Bariyer fonksiyonu bozukluğu, bir sıra enflamatuar olayları tetikler. Bu olaylar,enfekte bölgedeki nötrofil, makrofaj ve T hücre infiltrasyonunun yanı sıra, salınan kemokin ve sitokinlere göre de kategorize edilir. Sindirim sisteminde sitokin üretiminin etkileri arasında disbiyozis, intestinal enflamasyonda alevlenme ve intestinal mukozal bariyerde hasarlanma vardır.
KARACIĞER
Karaciğerde safra kanalı epitelyal hücresi olan kolanjiyositler de ACE-2 üretir. Önceki araştırmalara göre, bu protein karaciğeri enflamasyondan korumak için ortaya çıkar ve onun delesyonu – silinmesi hepatik steatoz, oksidatif stres ve karaciğerde enflamasyon şiddetlenir. Bu nedenle, COVID-19’da azalmış ACE-2 seviyeleri, özellikle komorbid karaciğer hastalığı olan kişilerde, karaciğer disfonksiyonuna götürebilir.
Bu güne kadar bir sıra COVID-19 hastasında karaciğer hasarı; hipoalbüminemi, uzamış protrombin zamanı (PPT) ve hiperferritinemi ile kendini gösterdi. Diğer karaciğer disfonksiyonu belirteçleri olan aspartat transaminaz (AST), alanin transaminaz (ALT), gama glutamil transferaz (GGT) ve alkalin fosfataz (ALP) da ek göstergeler olarak ele alınmakta.

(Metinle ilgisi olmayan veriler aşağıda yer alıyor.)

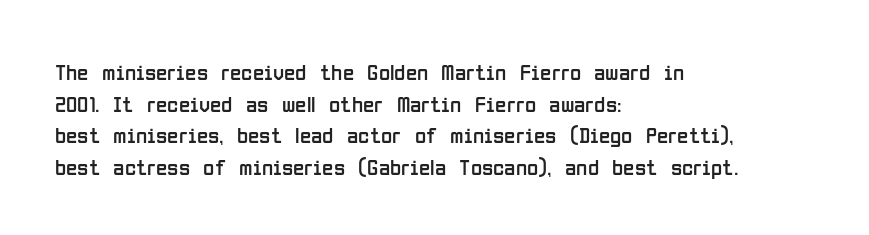
{"italic": "no", "bold": "no", "underline": "no", "align": "left", "line_spacing": "normal", "line_spacing_ratio": 1.37, "letter_spacing": "normal", "letter_spacing_em": 0.0, "glyph_px": 23}
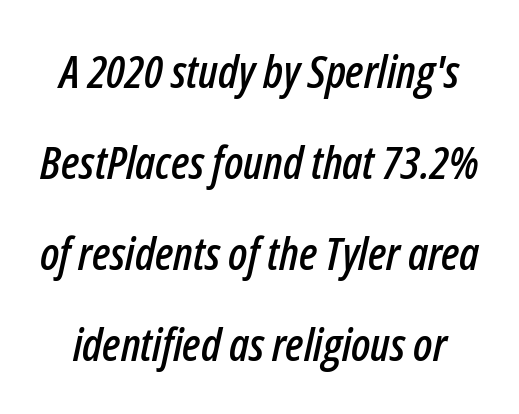
{"italic": "yes", "lean": "right", "slant_degrees": 12, "width": "condensed", "stroke_contrast": "low", "x_height": "medium", "monospaced": "no", "underline": "no", "line_spacing": "loose", "line_spacing_ratio": 1.98, "letter_spacing": "normal", "letter_spacing_em": 0.0, "glyph_px": 46}
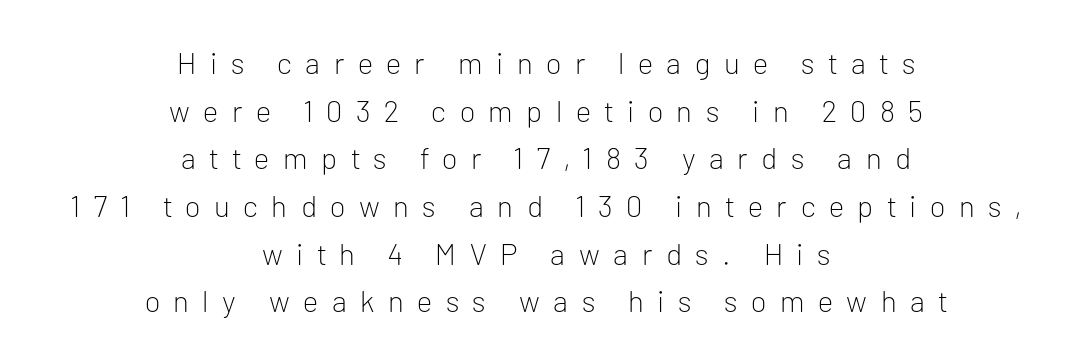
{"serif": "no", "italic": "no", "bold": "no", "weight": "light", "width": "normal", "stroke_contrast": "low", "x_height": "medium", "monospaced": "no", "underline": "no", "align": "center", "line_spacing": "normal", "line_spacing_ratio": 1.59, "letter_spacing": "wide", "letter_spacing_em": 0.45, "glyph_px": 30}
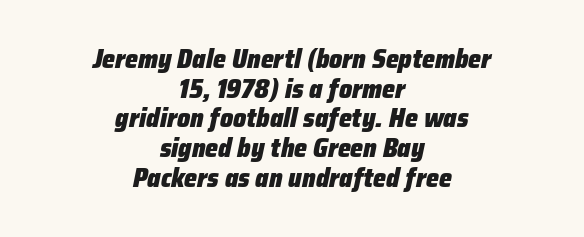
Short note: letters normally spaced. These lines stack symmetrically, like a column narrowing and widening about its center. Every letter is thick-stroked: bold, no question. These lines huddle together more closely than default settings would place them. The passage shown is not underscored anywhere.
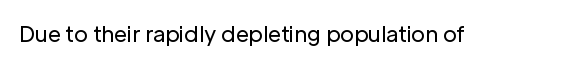
Q: Is the text bold? A: No.
Q: Is the text italic (slanted)? A: No, it is upright.
Q: Is the text underlined? A: No.
Q: Is the spacing between letters normal or unusually wide? A: Normal.
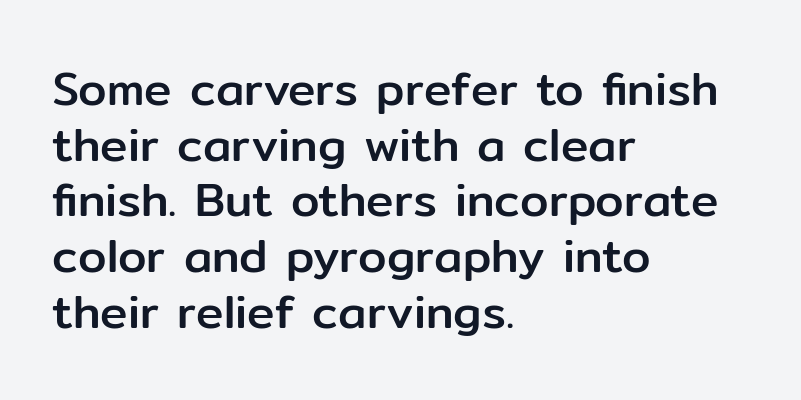
The compositor pushed each line to the left boundary. This is sans-serif lettering, the kind often seen on screens and signage. Every stem runs plumb, perpendicular to the baseline. The area under the type is left untouched.
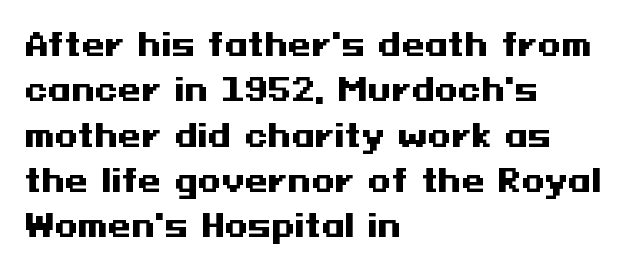
Q: Is the text bold? A: Yes.
Q: Is the text italic (slanted)? A: No, it is upright.
Q: Is the typeface a serif or a sans-serif typeface? A: Sans-serif.
Q: Is the text underlined? A: No.
Q: How is the paragraph aligned? A: Left-aligned.
Q: Is the spacing between letters normal or unusually wide? A: Normal.
Q: Is the spacing between lines tight, normal or loose? A: Normal.
Q: Width (condensed, normal, or wide)? A: Wide.
Q: Stroke contrast? A: Medium.
Q: x-height? A: Medium.
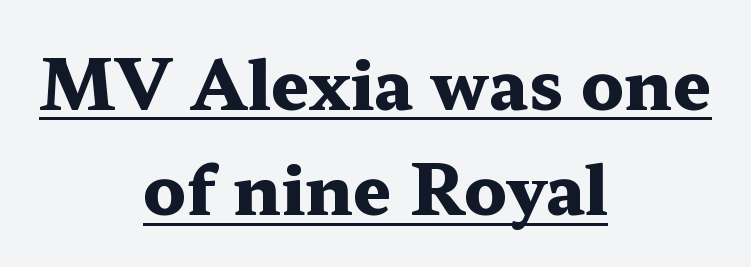
Q: Is the text bold? A: Yes.
Q: Is the text italic (slanted)? A: No, it is upright.
Q: Is the typeface a serif or a sans-serif typeface? A: Serif.
Q: Is the text underlined? A: Yes.
Q: How is the paragraph aligned? A: Centered.
Q: Is the spacing between letters normal or unusually wide? A: Normal.
Q: Is the spacing between lines tight, normal or loose? A: Normal.
Q: Width (condensed, normal, or wide)? A: Wide.
Q: Stroke contrast? A: Medium.
Q: x-height? A: Medium.
Q: Monospaced? A: No.
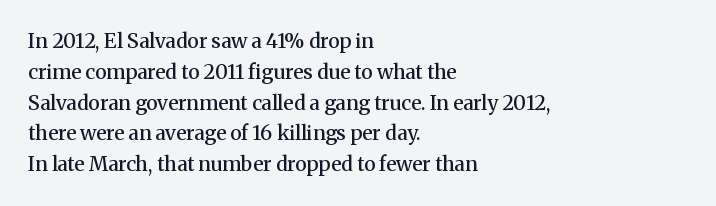
{"italic": "no", "bold": "semi", "underline": "no", "align": "left", "line_spacing": "normal", "line_spacing_ratio": 1.54, "letter_spacing": "normal", "letter_spacing_em": 0.0, "glyph_px": 20}
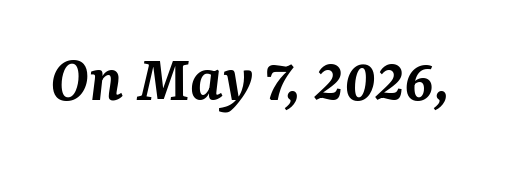
Each letter keeps its own natural width here, so spacing adapts to shape. A semibold gives these letters moderate extra thickness, short of bold. If you drew a line through each stem, it would be angled. The designer went with a serif here, giving each stem small feet.
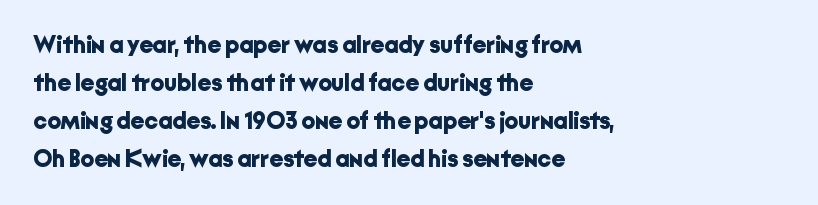
{"italic": "no", "bold": "yes", "underline": "no", "align": "left", "line_spacing": "normal", "line_spacing_ratio": 1.58, "letter_spacing": "normal", "letter_spacing_em": 0.0, "glyph_px": 24}
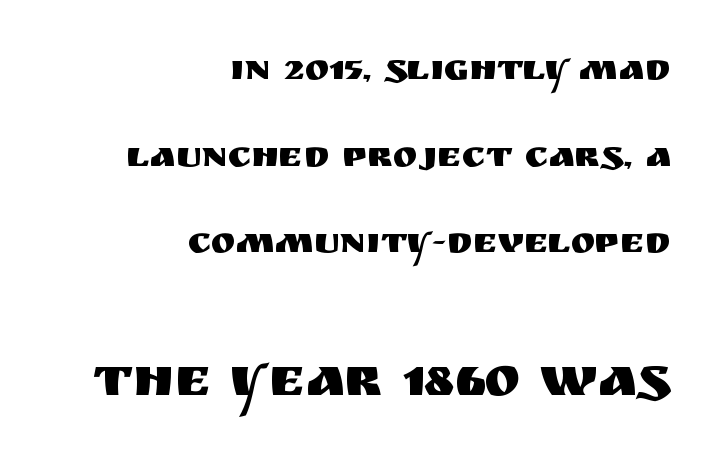
A clean baseline with only descenders dipping below it. Type size steps up from the first block to the second. Check where the strokes stop: nothing finishes them off — pure sans. It's the straight-up-and-down kind of type. The horizontal fit of the characters is conventional and even.
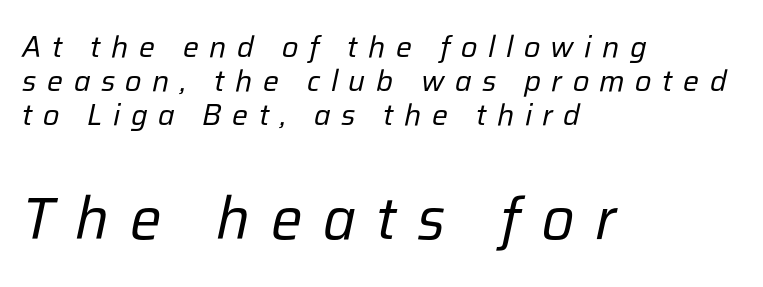
A typesetter would call this proportional, since set widths differ per character. Substantial extra tracking has been applied to these lines. Each stroke keeps to a modest, everyday thickness or less. Looking at the ascenders, they clearly lean.
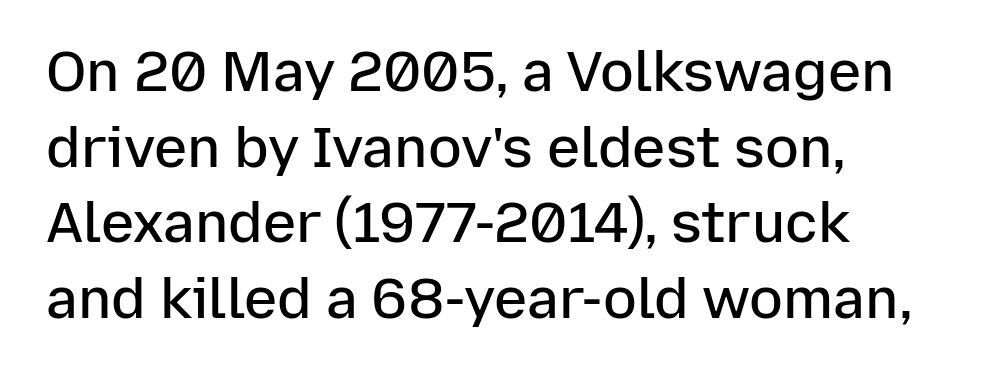
The image shows 56 px semibold sans-serif type, upright; set left-aligned, normal line spacing (1.35x), normal letter spacing, not underlined; low stroke contrast and a medium x-height.
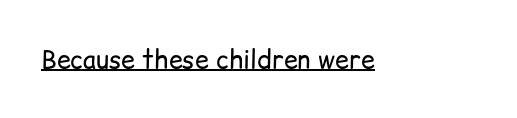
Q: Is the text bold? A: No.
Q: Is the text italic (slanted)? A: No, it is upright.
Q: Is the text underlined? A: Yes.
Q: Is the spacing between letters normal or unusually wide? A: Normal.
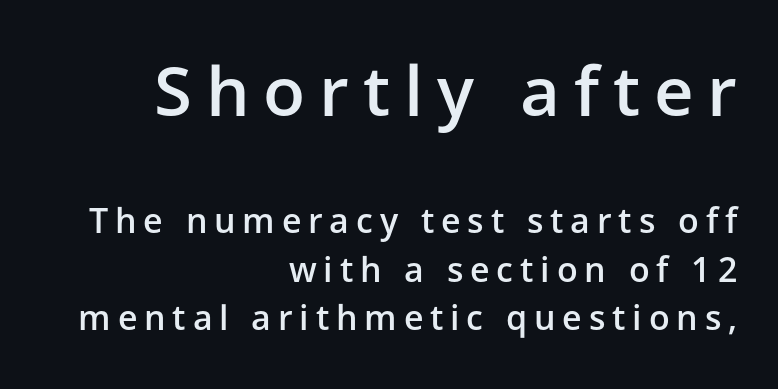
{"serif": "no", "italic": "no", "bold": "semi", "weight": "semibold", "width": "normal", "stroke_contrast": "low", "x_height": "medium", "monospaced": "no", "underline": "no", "align": "right", "line_spacing": "normal", "line_spacing_ratio": 1.44, "letter_spacing": "wide", "letter_spacing_em": 0.2, "larger_block": "first", "size_ratio": 2.03, "glyph_px": 69}
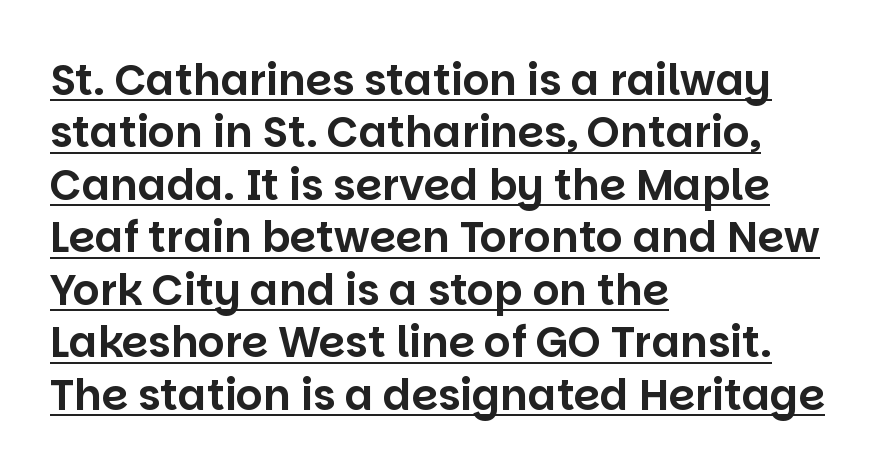
Q: Is the text italic (slanted)? A: No, it is upright.
Q: Is the typeface a serif or a sans-serif typeface? A: Sans-serif.
Q: Is the text underlined? A: Yes.
Q: How is the paragraph aligned? A: Left-aligned.
Q: Is the spacing between letters normal or unusually wide? A: Normal.
Q: Is the spacing between lines tight, normal or loose? A: Normal.
Q: Width (condensed, normal, or wide)? A: Normal.
Q: Stroke contrast? A: Low.
Q: x-height? A: Large.
Q: Monospaced? A: No.
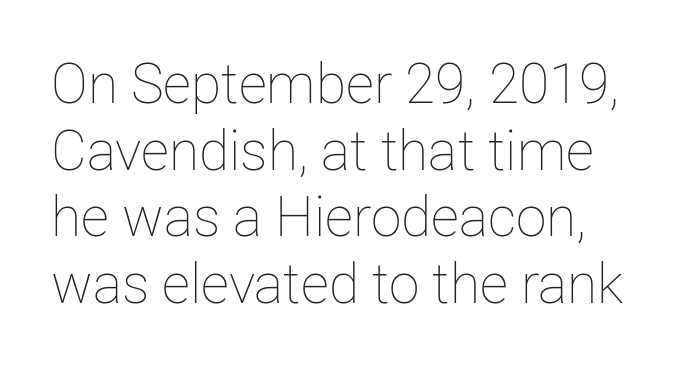
A roman cut, with each character standing at attention. Spacing verdict: proportional, widths tailored to each character. Stems and bowls with no extra thickness — not bold. Nothing unusual about the tracking: characters are spaced as the font intends. The passage shown is not underscored anywhere.
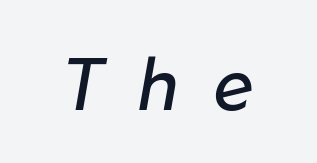
Q: Is the text bold? A: No.
Q: Is the text italic (slanted)? A: Yes, it leans right by about 10 degrees.
Q: Is the text underlined? A: No.
Q: Is the spacing between letters normal or unusually wide? A: Unusually wide.
Q: Width (condensed, normal, or wide)? A: Normal.
Q: Stroke contrast? A: Low.
Q: x-height? A: Medium.
Q: Monospaced? A: No.

Genel olarak ise, COVID-19 hastalarında karaciğer hasarının oluşma mekanizmalarını açıklayamayan bilgi eksikliği mevcut. Araştırmacılar, karaciğer disfonksiyonunun birincil veya hasara, ilaca bağlı ikincil enfeksiyona bağlı olduğunu ileri sürse de, sonraki çalışmaların bu hipotezi doğrulaması gerekiyor.
PANKREAS
ACE-2 aynı zamanda, proenflamatuar sitokinler olan interlökin 6 ve 8 (IL-6, IL-8) ve antienflamatuar etkisi olan interlökin-10 (IL-10) seviyelerini artırarak pankreas için koruyucu rol oynar.
ACE-2’nin ekzokrin salgı bezlerinde ve ada hücrelerinde bulunuyor oluşu ile, COVID19’un pankreasa girmesinin mümkün olduğu öne sürülüyor. Yapılan çalışmalar sonucu, virüsün pankreasa girişi ile, hem glukoz metabolizmasını hem de beta hücre fonksiyonunu bozabildiği ortaya konuldu. Pankreas disfonksiyonunun görüldüğü COVID-19 hastalarında özellikle, yükselmiş serum amilaz ve lipaz seviyeleri görüldü.
YÖNETIM
COVID-19 teşhisi sonrası, tedavi edecek olan hekim, dikkatli bir şekilde hastanın beraberinde sahip olduğu sindirim bozukluklarını veya sindirim semptomlarına neden olacak başka bir nedenin olup olmadığını doğrulamalı. Hastanın sindirim semptomlarının esas nedeninin COVID-19 olduğu belirlendiğinde ise esas yaklaşım destekleyici tedavidir.
Örnek olarak, şiddetli diyare tedavisi intravenöz yoldan sıvı ve elektrolit yönetimini içerir. Buna karşın, şiddetli bulantı, kusma yaşayan COVID-19 hastaları metoklopramid, ondansetron, prokloroperazin gibi parenteral antiemetiklerle tedavi edilmektedir. Sonuç olarak ise, COVID-19 ile ilgili sindirim semptomlarının nasıl tedavi edileceği ile ilgili özel bir yönerge henüz yayımlanmadı. Orijinali News-Medical’den alınmıştır.